Selon la source militaire, qui s’est confiée à Euronews, les navires du "Syrian Express" ont commencé, ces derniers mois, à désactiver leurs transpondeurs AIS "encore plus souvent" qu’auparavant, une pratique devenue désormais presque "systématique".
La Russie maintient sa présence en Syrie malgré la chute d'al-Assad
Tartous est la seule base navale de la Russie située en dehors de l’ex-Union soviétique, ainsi que son unique point de ravitaillement et de maintenance en Méditerranée.
L’Union soviétique a établi cette installation en 1971 dans le cadre d’un accord de location conclu avec Damas, l’utilisant pour soutenir sa flotte méditerranéenne pendant la guerre froide.
La Russie est intervenue militairement en Syrie en septembre 2015, entrant dans la guerre civile aux côtés de Bachar al-Assad, alors que les forces du régime perdaient du terrain face aux groupes d’opposition.
Moscou affirmait initialement que ses frappes visaient le groupe terroriste État islamique. Des organisations internationales ont toutefois documenté que la majorité des frappes russes avaient touché des zones civiles contrôlées par l’opposition. Le collectif de surveillance Airwars estime que ces frappes ont fait plus de 14 000 morts parmi les civils syriens.

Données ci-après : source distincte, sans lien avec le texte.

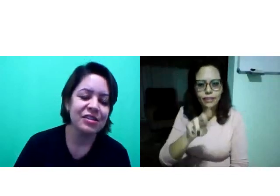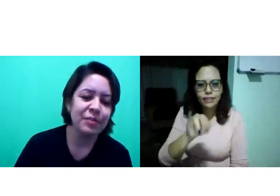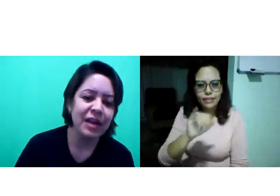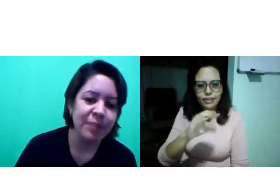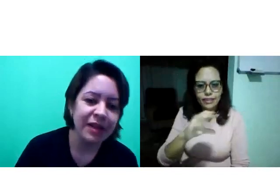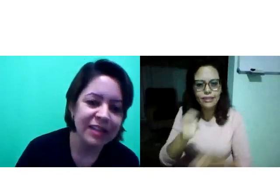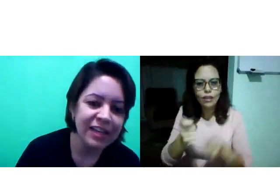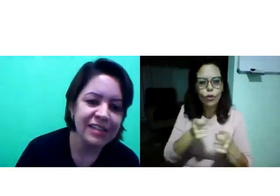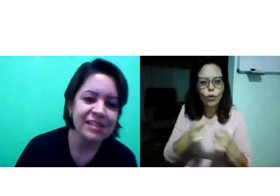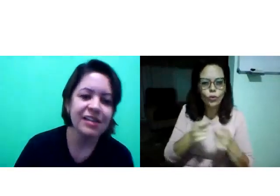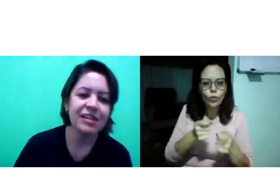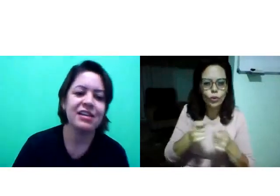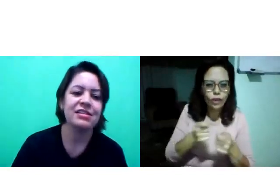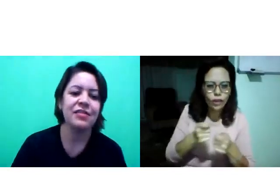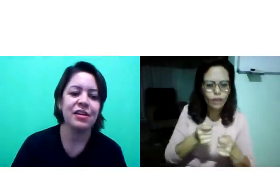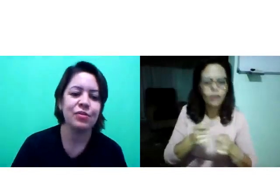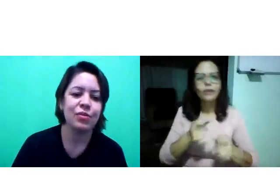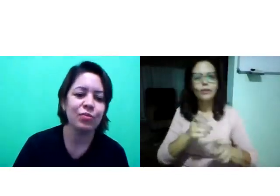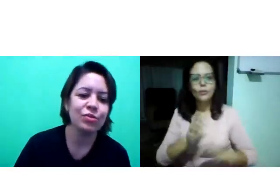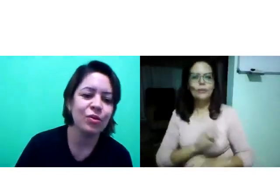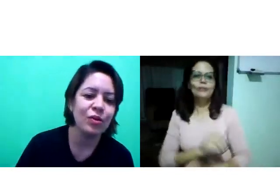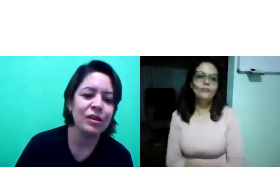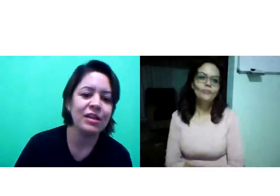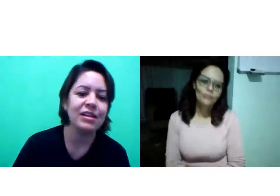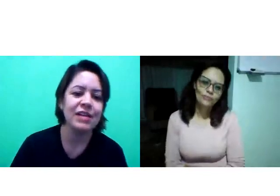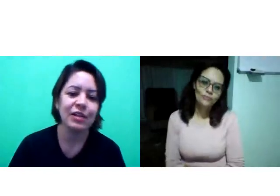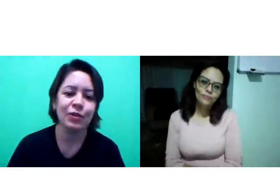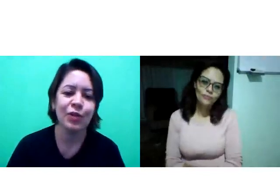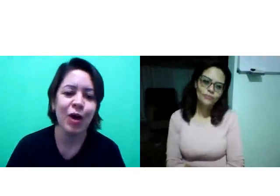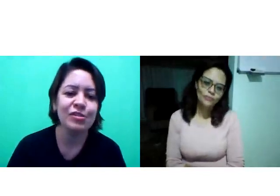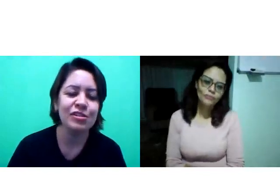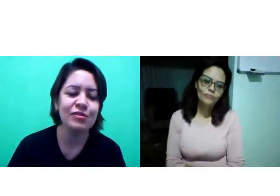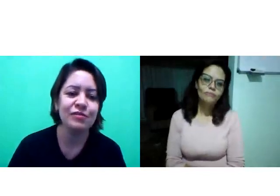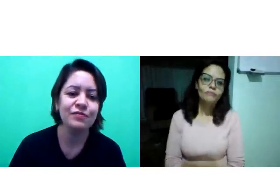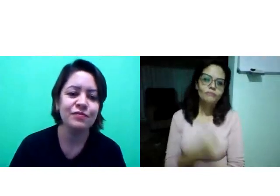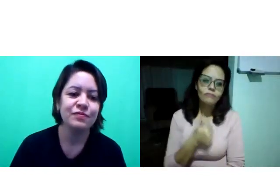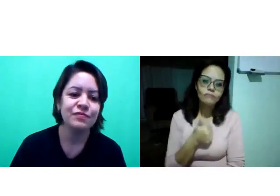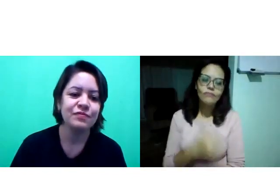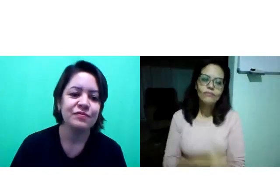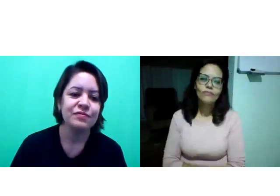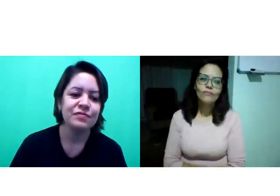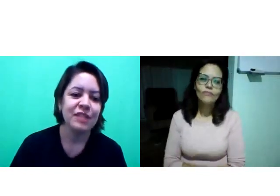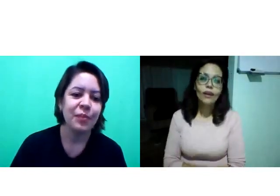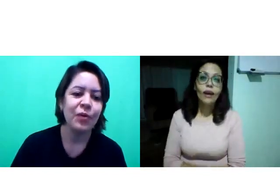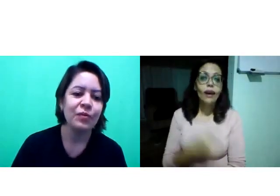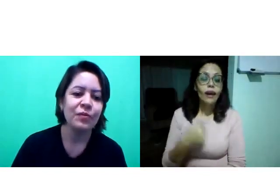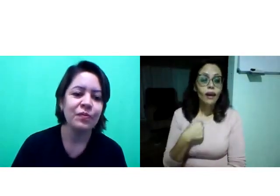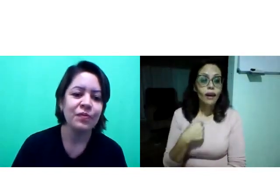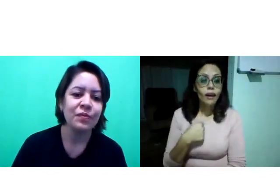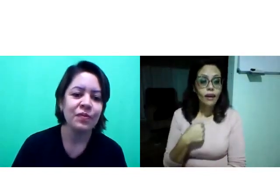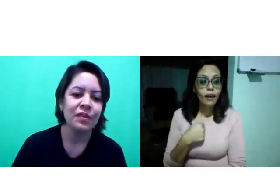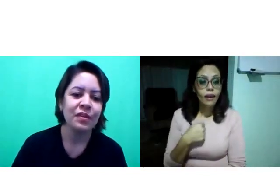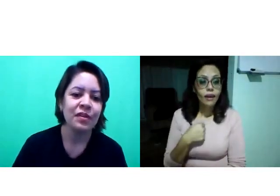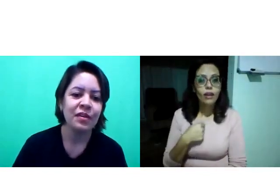Agradeço também a Patrícia, que esteve aqui no controle tecnológico. Tá bom?

Cette campagne militaire de neuf ans en Syrie a constitué l’engagement du Kremlin le plus important dans un conflit hors de l’ex-Union soviétique, avant l’invasion à grande échelle de l’Ukraine en février 2022.
Lorsque le régime d’al-Assad s’est finalement effondré en décembre 2024, les navires de guerre russes ont quitté Tartous en quelques jours, par mesure de précaution afin d’éviter d’être saisis ou empêchés de partir.
En août, Damas a annoncé avoir conclu un accord avec Moscou visant à maintenir la présence russe dans les deux bases militaires qu’elle possède dans le pays.
Le 9 août, l’agence de presse officielle syrienne SANA a cité le ministère des Affaires étrangères, selon lequel les bases aérienne de Hmeimim et navale de Tartous deviendraient des "centres conjoints de formation et de renforcement des capacités", dans le cadre de nouvelles dispositions destinées à préserver "les intérêts mutuels".
La source militaire européenne de haut rang a évoqué plusieurs facteurs qui compliquent le maintien de la présence russe en Méditerranée, notamment le vieillissement de la marine russe, les sanctions européennes visant sa flotte fantôme, ainsi que les drones navals et aériens ukrainiens qui ciblent les bâtiments russes en mer Noire.
La pression exercée par l’Europe et l’Ukraine sur la flotte fantôme pousse également la Russie à déployer des escortes militaires pour protéger ses pétroliers.